3. Regional Specificity: It identifies a unique reversal in the primary visual cortex (pericalcarine), suggesting that the direction of aperiodic modulation depends on whether a region is directly engaged by the visual stimulus.
4. Methodological Robustness: The findings were validated using two distinct spectral decomposition algorithms (SpecParam and IRASA) and different high-pass filter settings, confirming the results are not methodological artifacts.

4. Results

Aperiodic Exponent and Offset:

• Global Pattern: Both the aperiodic exponent and offset were significantly higher during EO rest than during Inscapes across widespread frontoparietal, sensorimotor, and occipital regions (both magnetometers and gradiometers).
  • Interpretation: A steeper slope (higher exponent) during rest suggests a shift toward greater inhibition, whereas the flatter slope during Inscapes suggests increased cortical excitability due to sustained visual stimulation.
• Source Level: Parcellation and vertex analyses confirmed these widespread differences (e.g., 72.5% of cortical vertices showed higher exponents during rest).
• The Exception (Primary Visual Cortex): In the pericalcarine cortex (V1), the trend was reversed (though not statistically significant after FDR correction): exponents and offsets were numerically higher during Inscapes than rest. This suggests enhanced feedforward inhibitory processing specifically in the region directly processing the visual stimulus.

Alpha Power:

• As expected, alpha power was significantly higher during rest than during Inscapes, particularly over posterior regions. This aligns with the well-known phenomenon of alpha desynchronization during visual processing.
• The spectral parameterization approach successfully dissociated these periodic alpha changes from the concurrent aperiodic changes.

Robustness Checks:

• IRASA Validation: The IRASA method replicated the primary aperiodic findings (higher exponents/offsets during rest) across nearly all sensors, confirming the results are not dependent on the specific peak-fitting algorithm of SpecParam.
• Filter Sensitivity: Re-analyzing data with a stricter high-pass filter (0.5 Hz instead of 0.1 Hz) to rule out head-motion artifacts yielded nearly identical results.
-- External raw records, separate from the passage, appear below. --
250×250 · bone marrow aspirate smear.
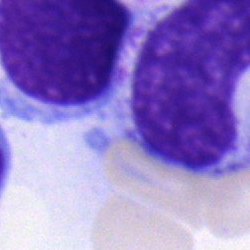

A metamyelocyte.
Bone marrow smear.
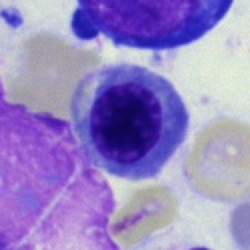A nucleated red cell.
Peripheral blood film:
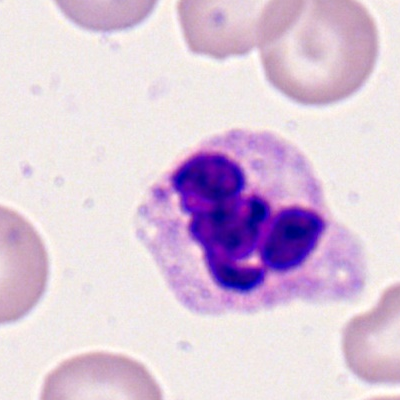 The cell is neutrophil (segmented).
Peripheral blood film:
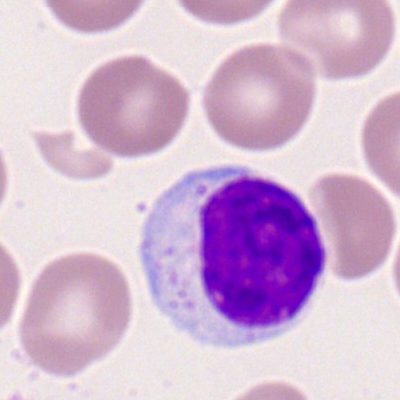

Impression — typical lymphocyte.
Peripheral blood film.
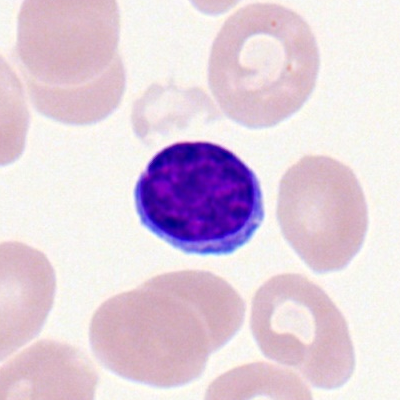
Cell type = typical lymphocyte.
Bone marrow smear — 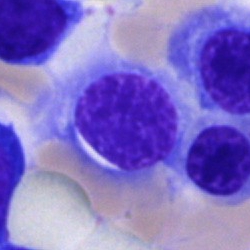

5. Significance and Implications

• Paradigm Selection: Researchers using Inscapes as a "resting-state" proxy must recognize that it is not interchangeable with eyes-open rest for analyses involving broadband spectral power, spectral slope, or E/I balance estimation.
• Interpretation of E/I Balance: The flatter aperiodic slopes observed during Inscapes likely reflect a state of increased cortical excitability driven by visual engagement, distinct from the inhibitory tone of quiet rest.
• Clinical and Developmental Research: Since Inscapes is widely used in pediatric and clinical populations (e.g., autism, ADHD) to reduce motion, these findings suggest that group differences in aperiodic activity observed in such studies may be confounded by the specific visual nature of the stimulus rather than purely by pathology or development.
• Future Directions: The study highlights the need to report condition-specific spectral baselines or to account for the known spectral shifts when comparing studies using different resting-state paradigms. The regional reversal in V1 also opens avenues for investigating how stimulus engagement modulates local E/I balance differently than global resting states.